■ Aim of the exercise:
Copy out the data that comes next, character for character, and leave the images aside.

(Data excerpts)
━━━━
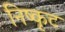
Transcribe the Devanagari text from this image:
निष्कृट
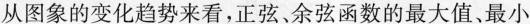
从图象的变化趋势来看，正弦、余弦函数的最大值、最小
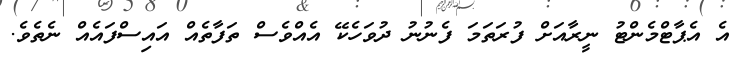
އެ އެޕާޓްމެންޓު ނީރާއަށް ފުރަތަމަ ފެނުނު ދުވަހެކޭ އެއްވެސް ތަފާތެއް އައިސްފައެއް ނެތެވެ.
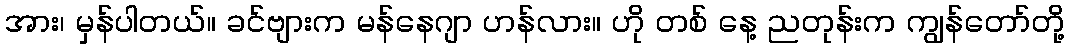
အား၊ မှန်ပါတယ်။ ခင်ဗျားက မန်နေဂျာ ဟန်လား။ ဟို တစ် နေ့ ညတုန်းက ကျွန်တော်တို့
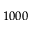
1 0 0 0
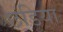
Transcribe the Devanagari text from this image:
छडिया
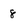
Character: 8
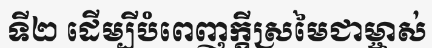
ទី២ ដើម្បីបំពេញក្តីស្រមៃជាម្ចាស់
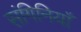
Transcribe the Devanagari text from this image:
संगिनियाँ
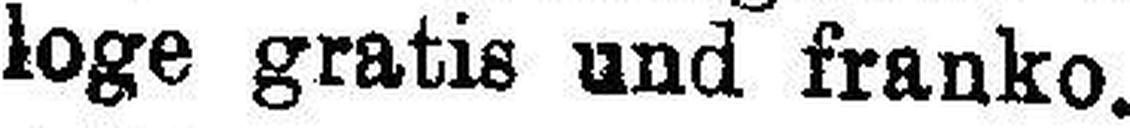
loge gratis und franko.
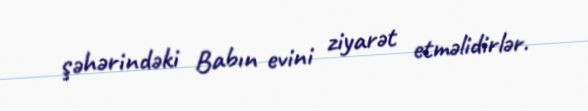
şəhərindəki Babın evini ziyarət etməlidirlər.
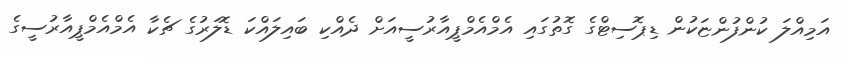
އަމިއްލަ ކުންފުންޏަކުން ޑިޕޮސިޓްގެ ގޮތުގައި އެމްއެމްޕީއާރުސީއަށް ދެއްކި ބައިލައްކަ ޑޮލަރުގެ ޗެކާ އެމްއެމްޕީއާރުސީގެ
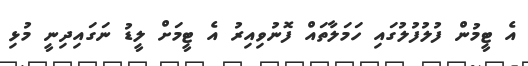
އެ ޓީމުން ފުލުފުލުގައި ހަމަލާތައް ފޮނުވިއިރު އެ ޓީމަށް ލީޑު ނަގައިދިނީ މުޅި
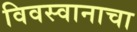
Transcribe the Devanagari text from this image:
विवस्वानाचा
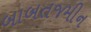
━━━━
■ Task result:
Transcribe the Devanagari text from this image:
निष्कृट
从图象的变化趋势来看，正弦、余弦函数的最大值、最小
އެ އެޕާޓްމެންޓު ނީރާއަށް ފުރަތަމަ ފެނުނު ދުވަހެކޭ އެއްވެސް ތަފާތެއް އައިސްފައެއް ނެތެވެ.
အား၊ မှန်ပါတယ်။ ခင်ဗျားက မန်နေဂျာ ဟန်လား။ ဟို တစ် နေ့ ညတုန်းက ကျွန်တော်တို့
1 0 0 0
Transcribe the Devanagari text from this image:
छडिया
Character: 8
ទី២ ដើម្បីបំពេញក្តីស្រមៃជាម្ចាស់
Transcribe the Devanagari text from this image:
संगिनियाँ
loge gratis und franko.
şəhərindəki Babın evini ziyarət etməlidirlər.
އަމިއްލަ ކުންފުންޏަކުން ޑިޕޮސިޓްގެ ގޮތުގައި އެމްއެމްޕީއާރުސީއަށް ދެއްކި ބައިލައްކަ ޑޮލަރުގެ ޗެކާ އެމްއެމްޕީއާރުސީގެ
އެ ޓީމުން ފުލުފުލުގައި ހަމަލާތައް ފޮނުވިއިރު އެ ޓީމަށް ލީޑު ނަގައިދިނީ މުޅި
Transcribe the Devanagari text from this image:
विवस्वानाचा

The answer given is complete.